Re: comparisons in text corpora: keywords / CHI square

Ted Pedersen (pedersen@seas.smu.edu)
Thu, 29 Aug 1996 17:37:31 -0500 (CDT)

Ted Dunning writes:

> unless you have relatively high counts which is relatively unusual in
> most cases where you are looking at word frequencies (your case may be
> an exception), then chi^2 is a very bad choice for comparing
> frequencies. the situation where it is particularly bad is when you
> are looking at the frequency of a word in a relatively small corpus
> relative to the frequency in a much larger corpus. in this case chi^2
> can easily overstate the significance of small differences in
> frequency by several hundred orders of magnitude.
[rest of message deleted]

Ted Dunning's message hit the nail on the head. To add another angle
to what Ted has already written, as yet another alternative to chi^2
testing you may want to look at exact tests such as Fisher's Exact
test or the exact conditional.
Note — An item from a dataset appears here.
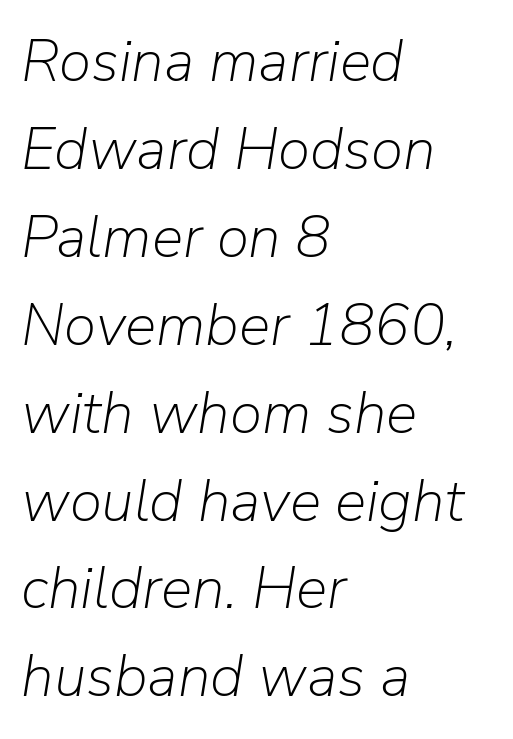
{"italic": "yes", "lean": "right", "slant_degrees": 9, "bold": "no", "weight": "light", "width": "normal", "stroke_contrast": "low", "x_height": "medium", "monospaced": "no", "underline": "no", "align": "left", "line_spacing": "normal", "line_spacing_ratio": 1.49, "letter_spacing": "normal", "letter_spacing_em": 0.0, "glyph_px": 59}

These tests are designed to be used
with very sparse and skewed samples.

We have two papers that address these tests. The first appeared at
AAAI-96 and is called "Significant Lexical Relationships". It focuses
on the exact conditional test and why you would want to use it rather
than chi^2 tests. The second paper is called "Fishing For Exactness"
and it goes into some detail on using Fisher's Exact test. Both papers
are available from my home page.

There is of course the related issue of if you really want to be doing
significance testing at all (both the chi^2 tests and the exact tests
get lumped into the significance test category). Are you really taking
a random sample from a population? Are you really trying to infer how
likely it is that a null hypothesis is true in that population that
you sampled from? This is what is implied by the use of a significance
test.

I sometimes think that in NLP we are more engaged in a descriptive
enterprise. We are given some chunk of data and we take it apart and
describe it. An analogy would be an elementary school that keeps
statistics on the weights and heights of all the students at the
school. The objective is just to describe the students in that school
- not to make any broader inferences.

But the point of using a significance test is that it allows you to
make inferences about a larger population that you have a random
sample from. The analogy in the real world is that of election
polling. Given a random sample of voters determine the preference of
the whole voting population.

So should we be using descriptive or inferential methods in NLP? Both
are used. A recent paper in Computational Linguistics by Frank
Smadja uses the Dice Coefficient to find interesting word pairs. A
paper at AAAI-96 by Ellen Riloff uses a relevance rate to find
interesting patterns in text. These are both descriptive approaches.
Our AAAI paper, Ted Dunning's CL paper, and an earlier paper by Church
et. al use significance tests to do the same sort of thing.

So which is more appropriate? Is your favorite corpus of text really a
random sample of some larger population of language? If it isn't is it
still ok to use an inferential statistic as a descriptive measure? Do
simpler (to compute at least) descriptive measures do just as well in
picking out interesting word combinations as do significance tests?

Well these are the sorts of questions that I've kicked around in my
head to no resolution. I'd be very interested to hear what others
think of these issues. Some thoughts on the inferential
vs. descriptive question are recorded in a Technical Report called
"What to Infer from a Description", also found on my web page.

Regards,
Ted

-- 
* Ted Pedersen                     pedersen@seas.smu.edu              * 
*                                  http://www.seas.smu.edu/~pedersen/ *
* Department of Computer Science and Engineering,                     *
* Southern Methodist University, Dallas, TX 75275      (214) 768-3712 *